Domain-Driven Design in Android Development
This isn't technically an "architecture pattern" in the traditional sense, but it's how I structure enterprise Android development projects at scale.
Domain-Driven Design (DDD) starts with the business domain—not the technical stack. You organize your codebase around business concepts, not technical layers.

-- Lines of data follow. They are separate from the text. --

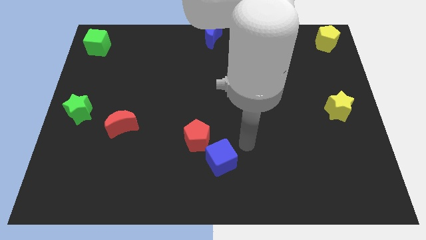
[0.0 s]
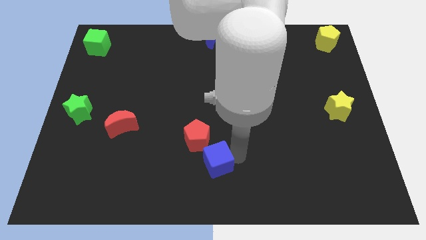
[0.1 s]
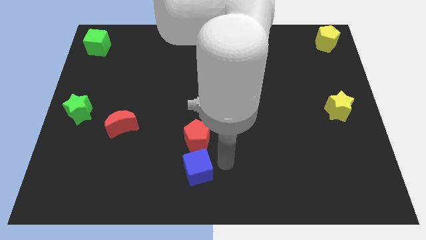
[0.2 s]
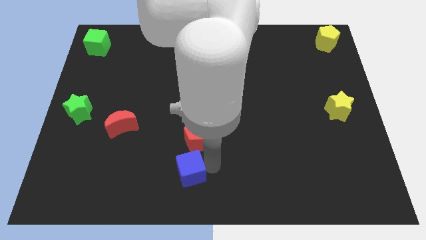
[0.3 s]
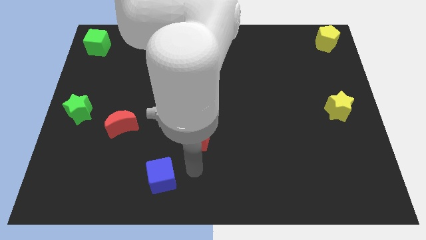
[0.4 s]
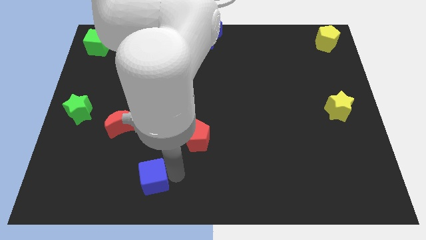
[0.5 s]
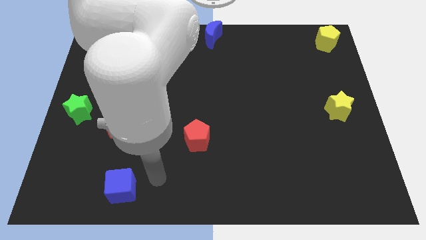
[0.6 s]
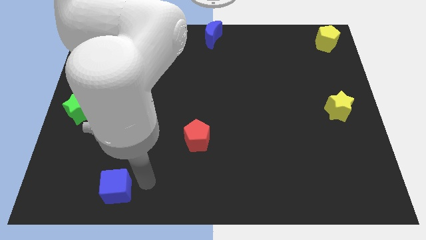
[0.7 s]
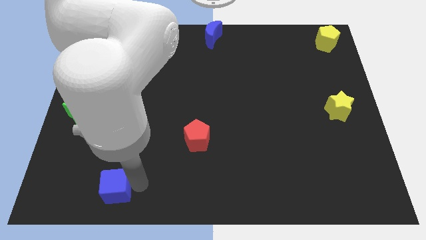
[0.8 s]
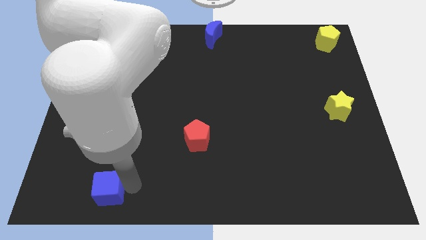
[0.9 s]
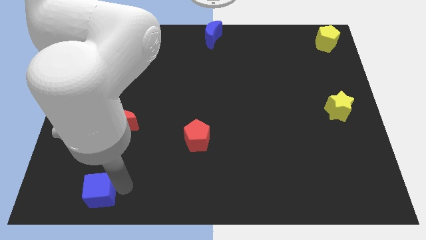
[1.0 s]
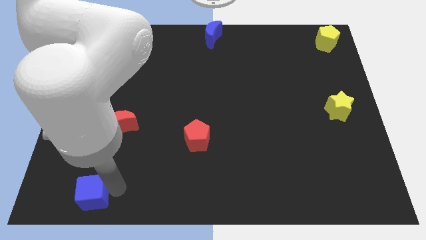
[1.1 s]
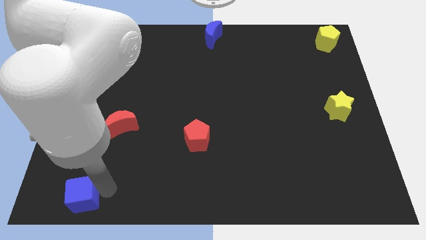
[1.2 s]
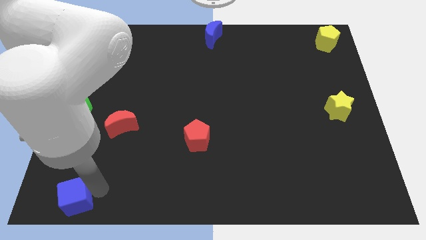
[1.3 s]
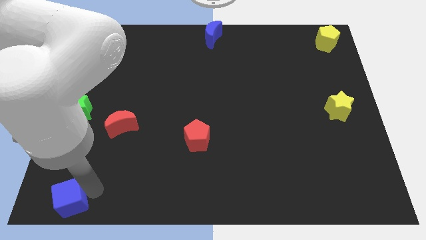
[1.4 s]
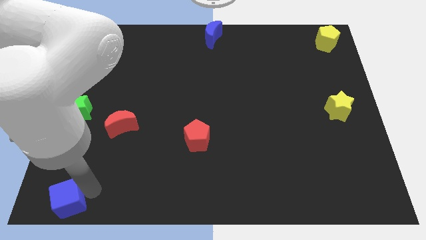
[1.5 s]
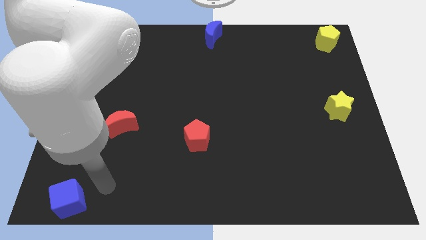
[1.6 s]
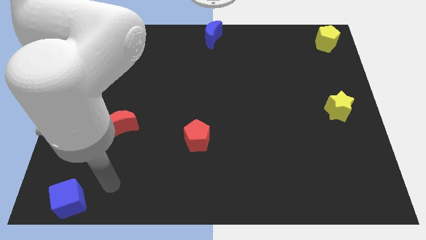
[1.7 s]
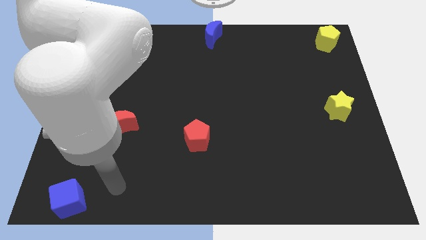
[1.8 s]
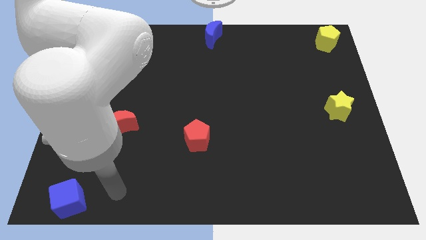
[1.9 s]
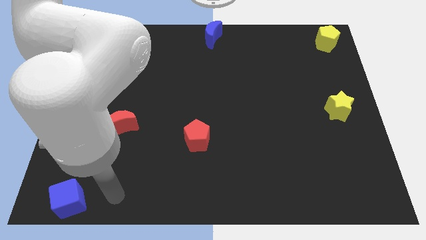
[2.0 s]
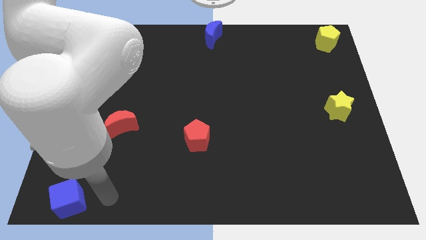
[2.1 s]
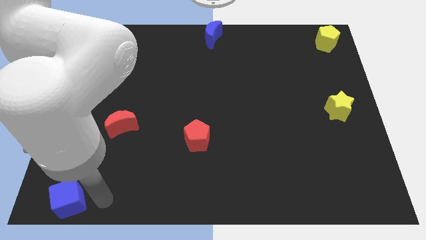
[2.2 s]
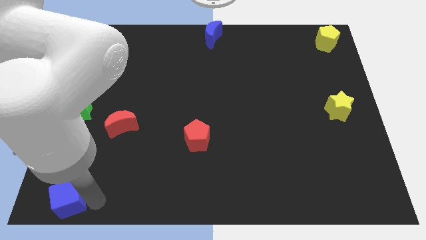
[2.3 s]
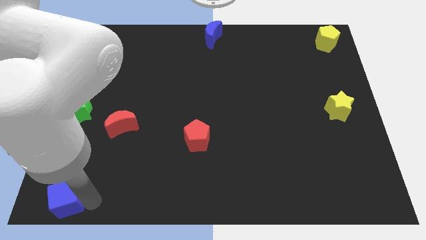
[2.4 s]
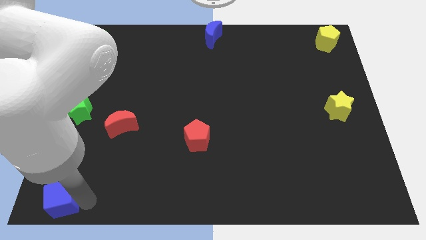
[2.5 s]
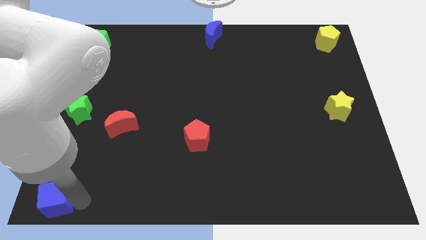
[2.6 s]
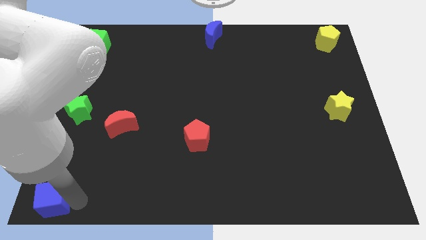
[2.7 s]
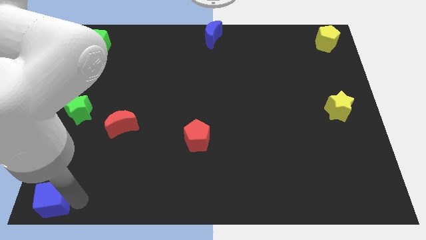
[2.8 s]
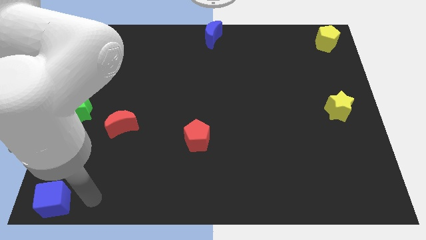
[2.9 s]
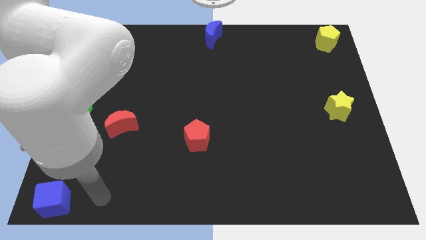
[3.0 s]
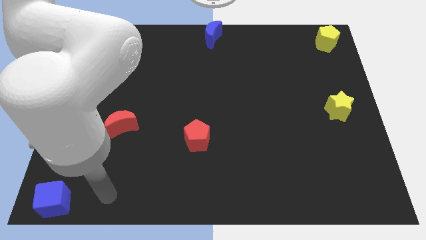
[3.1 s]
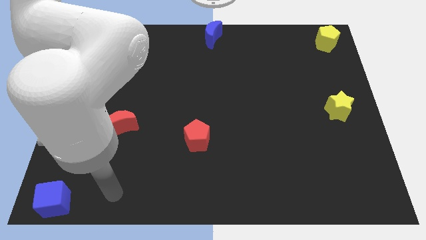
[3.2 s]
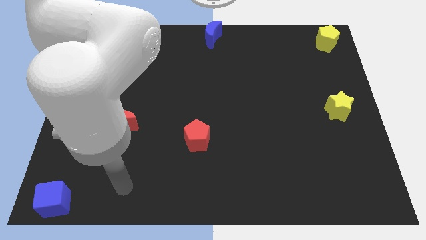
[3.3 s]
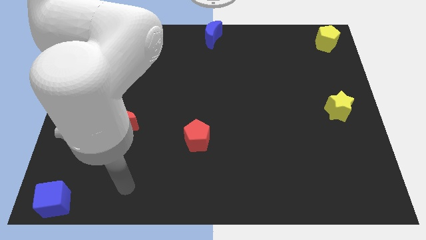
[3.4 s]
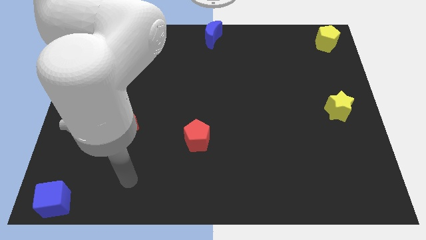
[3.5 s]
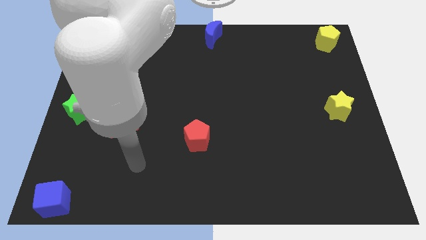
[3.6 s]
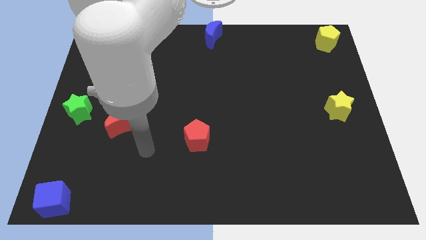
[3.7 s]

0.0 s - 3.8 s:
place blue cube at the bottom left corner of the board

For Nova Cabs (ride-hailing app), instead of organizing code like this:
app/
├── presentation/
├── data/
├── domain/
We organized it like this:
app/
├── booking/
│ ├── presentation/
│ ├── data/
│ ├── domain/
├── driver/
│ ├── presentation/
│ ├── data/
│ ├── domain/
├── payments/
│ ├── presentation/
│ ├── data/
│ ├── domain/
Each domain (Booking, Driver, Payments) is a self-contained feature module with its own presentation, data, and domain layers. Dependencies only flow from outer domains to core domains—never the reverse.

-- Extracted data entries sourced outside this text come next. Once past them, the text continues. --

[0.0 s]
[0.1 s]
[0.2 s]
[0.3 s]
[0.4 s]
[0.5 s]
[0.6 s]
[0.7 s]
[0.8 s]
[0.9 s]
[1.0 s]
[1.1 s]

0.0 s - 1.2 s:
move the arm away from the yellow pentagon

This approach is powerful because:
- Teams own complete domains end-to-end
- Domain logic is naturally cohesive
- It's easy to extract a domain into a separate microservice later
- New engineers understand the structure immediately
Choosing the Right Pattern for Your Project
Here's my honest recommendation based on real-world experience:
- Small startup (1-3 engineers) — MVVM + Repository pattern. Simple, proven, fast to ship.
- Growing team (4-8 engineers) — VIPER or Domain-Driven Design. Enforce clear boundaries before technical debt becomes unmanageable.
- Complex state management (audio, video, real-time) — MVI pattern. The unidirectional flow pays dividends when debugging.
- Enterprise app (10+ engineers) — Combine DDD + VIPER + Jetpack Compose. Modular, scalable, team-friendly.
The mistake I see most engineers make is adopting a complex pattern too early. VIPER on a 5K line codebase is overengineering. But MVVM on a 200K line enterprise app is underengineering. Match the pattern to your problem space.
📖 Pro Tip
Start with MVVM + Repository. When you hit pain points (circular dependencies, untestable code, merge conflicts), migrate gradually to a more sophisticated pattern. Don't rewrite everything at once.
Key Takeaways
- MVVM is a presentation pattern, not an architecture pattern. It doesn't solve cross-feature orchestration or large-scale code organization.
- VIPER enforces strict separation of concerns and works beautifully for large teams building modular Android apps with Kotlin.
- MVI's unidirectional data flow makes complex state management (audio, real-time, animations) predictable and testable.
- Domain-Driven Design organizes code around business concepts, not technical layers—perfect for enterprise Android development at scale.
- Match your architecture to your team size and problem complexity. Over-engineer early and you'll move slowly. Under-engineer and you'll drown in technical debt.